Время заберет его раньше, чем я.
Я засовываю флаконы в карман джинсов и, держа шприц, спешу к подъемному устройству. Бормоча проклятия, принимаю поспешное решение потянуть за ржавый рычаг, и ток пробегает по моей коже, заставляя вздрогнуть.
Алекс падает на пол.
— Черт, извини, — хватаю трос и подхожу к нему, разматываю один конец вокруг его запястья, затем другой.
Он ничего не говорит, откидывая голову назад, поднося ладонь к моему лицу. Без повязки. Его шрамы грубо ощущаются на моей коже. Он дрожит. Когда его бледно-голубые глаза ловят мой взгляд, я перестаю двигаться, перестаю дышать.

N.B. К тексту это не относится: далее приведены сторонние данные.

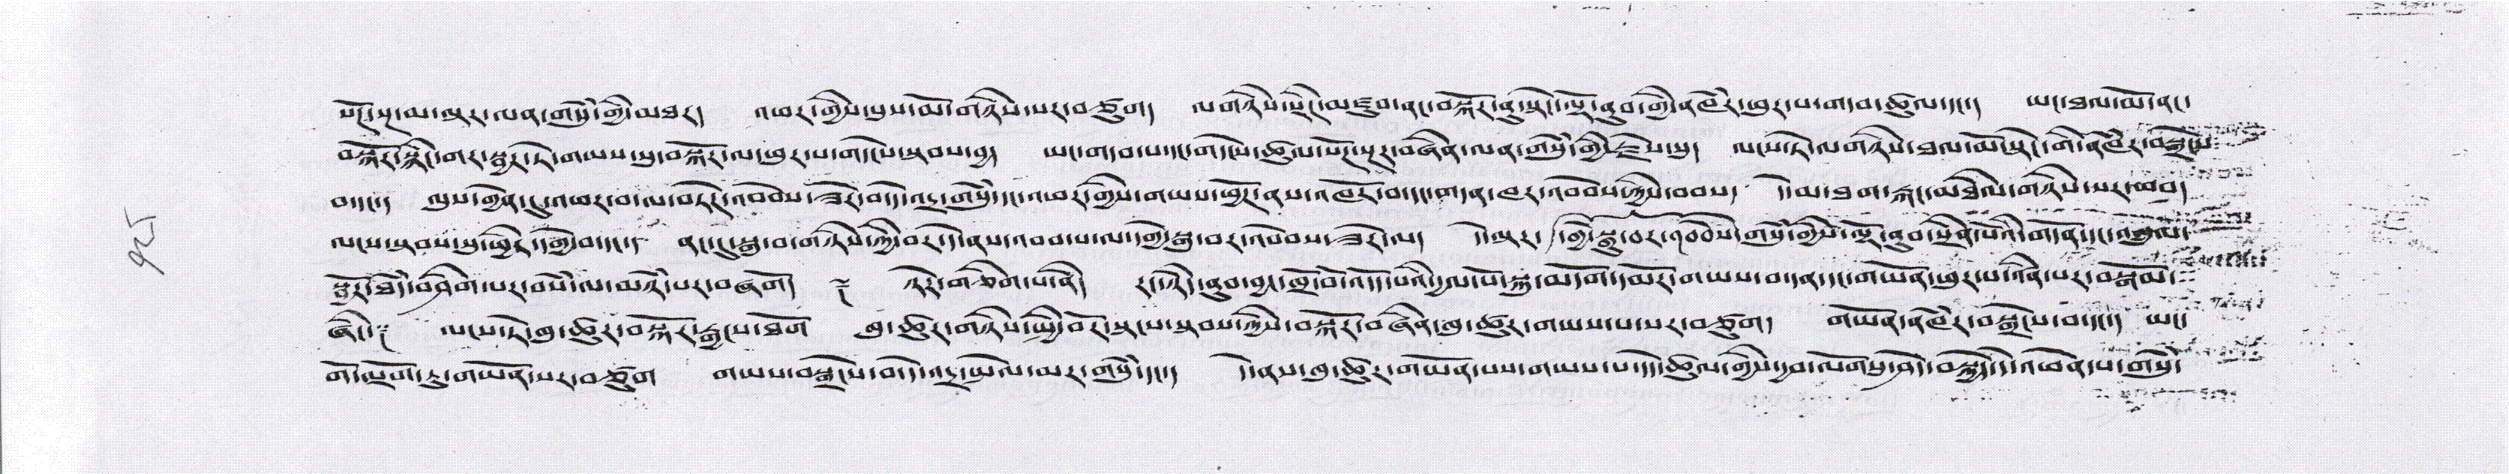སོགས་སྔ་མ་ལྟར་ལན་གསུམ་གྱི་མཐར། འཕར་གྱིས་པུས་མོ་གཉིས་སར་བཙུགས། ལག་གཉིས་སྡིགས་མཛུབ་ནང་བསྐོར་ནུ་སྟེང་ལྷོ་ནུབ་ཀྱི་ནམ་མཁར་ཕུར་པ་གདབ་ཚུལ་དང་། ཡང་ཐལ་མོ་ནང་
བསྐོར་སྙིང་གར་སྦྱར་ཏེ་གཡས་སུ་བསྐོར་ལ་ཕུར་པ་གདེངས་སྟབས་བྱ། ཡང་གདབ་པ་དང་གདེངས་ཚུལ་སོགས་སྔར་བཞིན་ལན་གསུམ་གྱི་རྗེས་སུ། ལངས་ཏེ་ལག་གཉིས་ཐལ་མོ་སྟེང་གི་ནམ་མཁར་བསྒྲེངས་
བ་དང་། ལུས་གྱེན་དུ་འཕར་བ་ལ་བཏེགས་འབེབས་ཟེར་བ་དེ་འདྲ་གསུམ་དང་འཕར་གྱིས་གཡས་ཕྱོགས་ནས་འཁོར་བ་དང་གདན་ཁར་འབེབས་ཀྱིས་བབས། དེ་མ་ཐག་རྐང་མཐིལ་གཉིས་སར་ཕབ། 
ལངས་སྟབས་ཀྱིས་ཕྱིར་དགྱེ་བ་དང་། ནང་དུ་སྒུ་བ་གཉིས་ཀྱི་བར་དེ་ནས་འབབ་པ་ལ་དགྱེ་སྒུ་བར་འབེབས་ཟེར་ལ། དེ་ལྟར་༼དགྱེ་སྒུ་བར་འབེབས་གསུམ་༽གྱིས་ལྷོ་ནུབ་སྲིན་པོའི་གདོན་དང་འཁྲུལ་
སྦྱོར་ཐམས་ཅད་བཤིག་པར་བསམ་ལ་མཉམ་པར་བཞག་གོ། ༧ ཉེར་གཅིག་པ་ནི། རང་ཉིད་ནུབ་བྱང་ཁྲོ་བོ་འདོད་པའི་རྒྱལ་པོ་སྐུ་མདོག་དམར་པོ་གཡས་བ་དན་དང་གཡོན་ཕུར་པ་འཛིན་པར་བསྒོམ་
ཞིང་། ལངས་ཏེ་ཁུ་ཚུར་བསྐོར་རྒྱངས་ཐོག ཁུ་ཚུར་གཉིས་སྤྱི་བོར་སྟངས་སྟབས་ཀྱིས་བསྐོར་བཞིན་ཁུ་ཚུར་གཡས་པ་སར་བཙུགས། གཡོན་ནམ་མཁར་བསྒྲེངས་བ་དང་། ཡང་
གོ་ལྡོག་ཏུ་གཡོན་སར་བཙུགས། གཡས་བསྒྲེང་བ་དེ་འདྲ་སྤེལ་མར་གསུམ་དང་། དེ་ནས་ཁུ་ཚུར་གཡོན་པས་གཡས་པ་དེད་ཚུལ་གྱིས་རྒྱབ་ལོགས་སུ་ཤེད་བསྐྱེད་དེ་འཕེན་པ་གསུམ་

— Как ты себя чувствуешь? — спрашиваю.
Он облизывает губы.
— Не знаю. Может быть, симптомы нахлынут все сразу, поторопись.
Мою грудь пронзает тупая боль. Я сглатываю жгучий комок в горле, затем на мгновение бросаю взгляд на Аддисин. Она все еще дышит. Спокойно. Пока никаких симптомов.
— Вот, — говорит Алекс, забирая шприц из моей руки. Большим пальцем он отмеряет дозу, которую мне нужно будет ввести. — Давай ей по дозе каждые пять минут, пока эффект не спадет.
Мое сердце колотится о грудную клетку, затрудняя дыхание. Я смотрю на свисающие часы. Прошло уже четыре минуты. Время утекает сквозь мои пальцы.
Я встречаюсь взглядом с Алексом и дрожащей рукой убираю волосы с его лба.
— У меня нет выбора, — говорю я, мои легкие горят пламенем.
— Знаю, — говорит он. — Это единственный выбор, который ты можешь сделать. Я не заслуживаю тебя. Я слишком жадный. Я буду причинять боль, калечить и убивать, лишь бы удержать тебя, и не почувствую сожаления. Я никогда не остановлюсь, Блейкли.
Его губы изгибаются в милой мальчишеской улыбке — той самой, которая впервые заставила меня увидеть, насколько он красив, а также возненавидеть. Думаю, я с самого начала знала, что, если бы я была способна, то влюбилась бы в Алекса.
Но мы стали слишком мрачными, слишком извращенными, и я не знаю, как преодолеть всю боль и ущерб, которые мы причинили… особенно друг другу.
Лондон говорит «пробуждение». Грейсон — «возрождение». Алекс верит, что некроз может убить клетки мозга, изменить человека, как будто это так просто. Я пожертвовала частичкой хладнокровности, но у меня осталось самое главное.
Совесть.
Даже не знаю, что в ином случае, родилось бы на ее месте. Как я могла верить, что мы с Алексом потеряемся навсегда, провалимся в кроличью нору?
Мы есть друг у друга.
Чертова слеза скатывается по моей щеке, и Алекс вытирает ее большим пальцем.
— Разреши поцеловать тебя, — говорит он.
Этот извращенный мудак добился своего на гребаном смертном одре.
Мои губы дрожат, когда я наклоняюсь к нему и шепчу.
— Поцелуй меня, Алекс.
Он обхватывает меня сзади за шею и прижимает мой рот к своему. Его губы мягкие, но напористые, передающие бурлящие в нас обоих эмоции. Поцелуй начинается с медленного закипания, затем он наполняет его обжигающим жаром, превращая в страстный огонь, которому суждено поглотить все. У меня перехватывает дыхание.
Внезапно он замирает, и, когда я отстраняюсь, читаю шок в его расширяющихся глазах. Отодвигаюсь, чтобы он мог податься вперед, его взгляд падает между нами туда, где игла прокалывает его руку. Пустой шприц лежит в моей руке, мой большой палец нажимает на поршень.
Когда он поднимает взгляд, черты его лица искажаются в замешательстве.
— Блейкли?
Мое имя задает каждый вопрос, требует каждого ответа.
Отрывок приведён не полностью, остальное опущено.